クリーンな相分離のために、50マイクロリットルのRNAフリー水をAlkB反応に加えます。次に、100マイクロリットルのフェノール、クロロホルム、およびイソアミルアルコール混合物を追加します。チューブを10秒間振ってください。
AlkB混合物を16, 000Gで10分間遠心分離します。上部水層含有RNAの約140マイクロリットルを滅菌済みの1.5ミリリットルチューブに移します。残留フェノールを除去するには、抽出したRNAに100マイクロリットルのクロロホルムを加え、チューブを振とうします。
混合物を16, 000Gで10分間遠心分離し、上部の水層の約120マイクロリットルを滅菌1.5ミリリットルのチューブに移します。逆転写反応後、1マイクロリットルの5モル水酸化ナトリウムをRNA cDNAハイブリッドに加えます。93°Cで3分間インキュベートし、RNA cDNAハイブリッドのRNA鎖を加水分解します。
次に、0.77マイクロリットルの5モル塩酸を加えて反応を中和します。TAEバッファーに3%アガロースゲルを調製します。1マイクロリットルの6Xローディング色素を5マイクロリットルのPCR産物に混合し、その混合物をゲルにロードします。
5マイクロリットルの50塩基または100塩基対のDNAラダーを、最初のサンプルの前のウェルと最後のサンプルの後のウェルにロードします。120ボルト、400ミリアンペアで75分間ゲル電気泳動を行い、PCR産物を見つけます。電気泳動後、ゲルを箱に入れ、ゲルが完全に浸るまで脱イオン水で満たします。
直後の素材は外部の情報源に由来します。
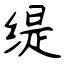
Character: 缇
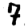
Digit: 7
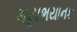
મહાભયાનક
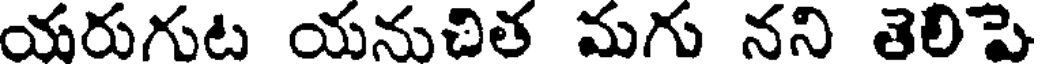
యరుగుట యనుచిత మగు నని తెలిపె
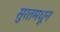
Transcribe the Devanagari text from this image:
सुरतमधून
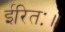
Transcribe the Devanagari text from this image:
ईरितः॥
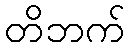
တိဘက်
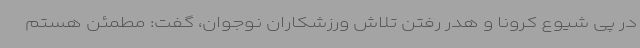
در پی شیوع کرونا و هدر رفتن تلاش ورزشکاران نوجوان، گفت: مطمئن هستم
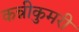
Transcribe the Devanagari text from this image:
कन्नीकुमरी
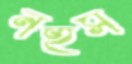
নহুস
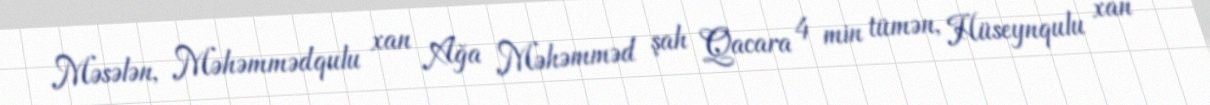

10マイクロリットルの臭化エチジウムを水に加えます。箱をホイルで包み、シェーカーで30分間染色します。エチジウムブロマイド含有水は、ドラフトに入れた廃棄物ボトルに捨てます。
ゲルを脱イオン水で一度すすぎ、水を廃液ボトルに捨てます。ゲルを脱イオン水で10分間洗浄した後、ゲルイメージャーを使用してバンドを視覚化し、ゲルの高解像度画像を取得します。